Note: If you plan to use this code in production, implementing a caching layer for embeddings and responses would significantly reduce API calls and improve performance.

Jupyter Notebook

This project evolved from a Jupyter notebook where I explored and developed the core concepts. The notebook contains:

  • Detailed exploration of the RAG implementation
  • Step-by-step development of the ECO Assistant
  • Visualizations and output examples
  • Comprehensive documentation of the approach

I've included the original notebook in this repository to show my development process and provide additional context for how the project was created. The packaged Python code in this repository is a refined, production-ready implementation of the concepts developed in the notebook.

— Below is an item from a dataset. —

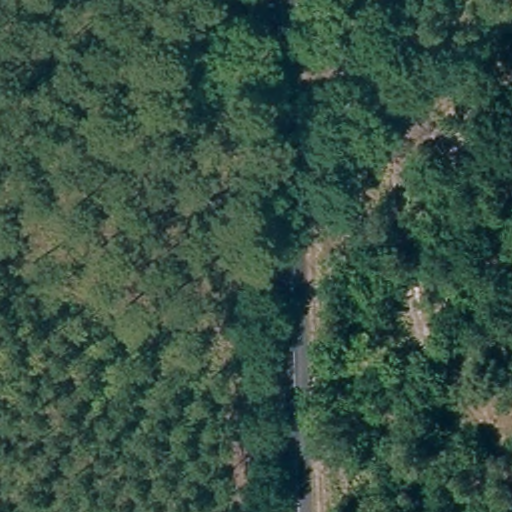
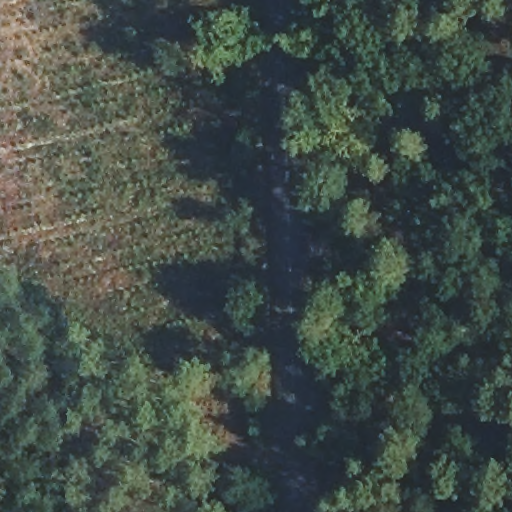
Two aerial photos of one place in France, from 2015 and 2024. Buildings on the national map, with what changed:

To explore the development process:

jupyter notebook notebooks/ECO-assistant.ipynb

About the Data

All ECO documents included in this project are synthetic and were created solely for educational purposes. The documents are located in the SYNT_DOCS folder and represent fictional engineering change orders for the "MatrixSync X100" fitness tracker - a product that doesn't exist.

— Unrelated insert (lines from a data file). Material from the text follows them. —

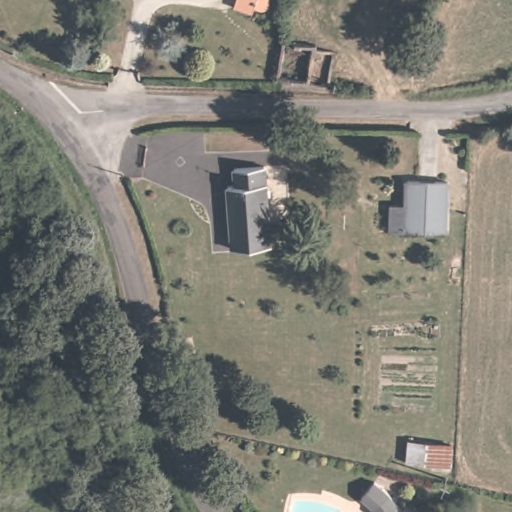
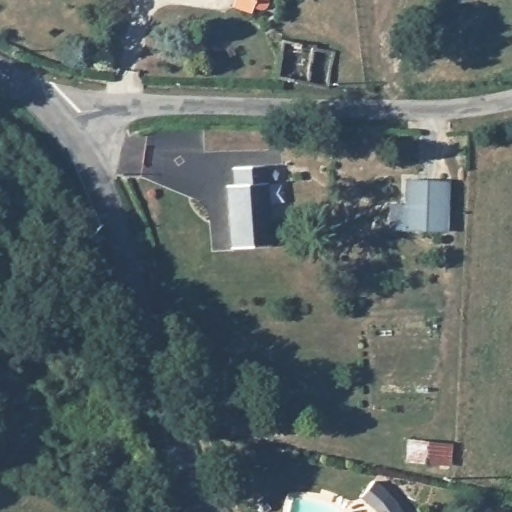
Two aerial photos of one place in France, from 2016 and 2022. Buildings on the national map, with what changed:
unchanged [(234,13),(239,0),(264,0),(256,20),(234,13)]
unchanged [(221,186),(227,185),(227,168),(257,166),(263,246),(227,247),(221,186)]
unchanged [(391,185),(407,185),(406,177),(446,177),(445,229),(406,227),(392,227),(391,185)]
unchanged [(406,437),(458,444),(454,471),(403,464),(406,437)]
unchanged [(403,508),(405,512),(375,512),(361,497),(376,480),(403,508)]

These synthetic documents demonstrate common patterns found in engineering change management but do not reflect any real products, companies, or proprietary information. They showcase various types of engineering changes including:

  • Hardware modifications
  • Component replacements
  • Material changes
  • Firmware updates

The synthetic nature of these documents makes this project suitable for educational use without concerns about intellectual property or confidential information.

Acknowledgements

This project builds upon foundation concepts and patterns learned from the Google Generative AI with Gemini API course on Kaggle. Specifically, the following implementation patterns were adapted from the course labs:

  • Basic Gemini API integration and configuration
  • RAG implementation framework using ChromaDB vector storage
  • Few-shot prompting techniques for consistent extraction
  • Structured output generation using LangChain

I've extended these concepts to create a specialized application for Engineering Change Order (ECO) processing, adding:

  • Domain-specific prompting for ECO document understanding
  • Comprehensive error handling and rate limit management
  • Structured data extraction pipeline for ECO metadata
  • Email generation for stakeholder communications
  • Batch processing capabilities for multiple ECOs

The course provided an excellent learning foundation that was then applied to this specialized domain to solve real-world engineering documentation challenges. All ECO documents are fictional and created for demonstration purposes only.


Licensing

Code

All source code in this repository is licensed under the MIT License.

Dataset

The dataset located in the SYNT_DOCS/ folder is licensed under the Creative Commons Attribution-NonCommercial 4.0 International (CC BY-NC 4.0).

Under the following terms:

  • Attribution — You must give appropriate credit, provide a link to the license, and indicate if changes were made.
  • NonCommercial — You may not use the dataset for commercial purposes.

This license applies only to the contents of the SYNT_DOCS/ directory.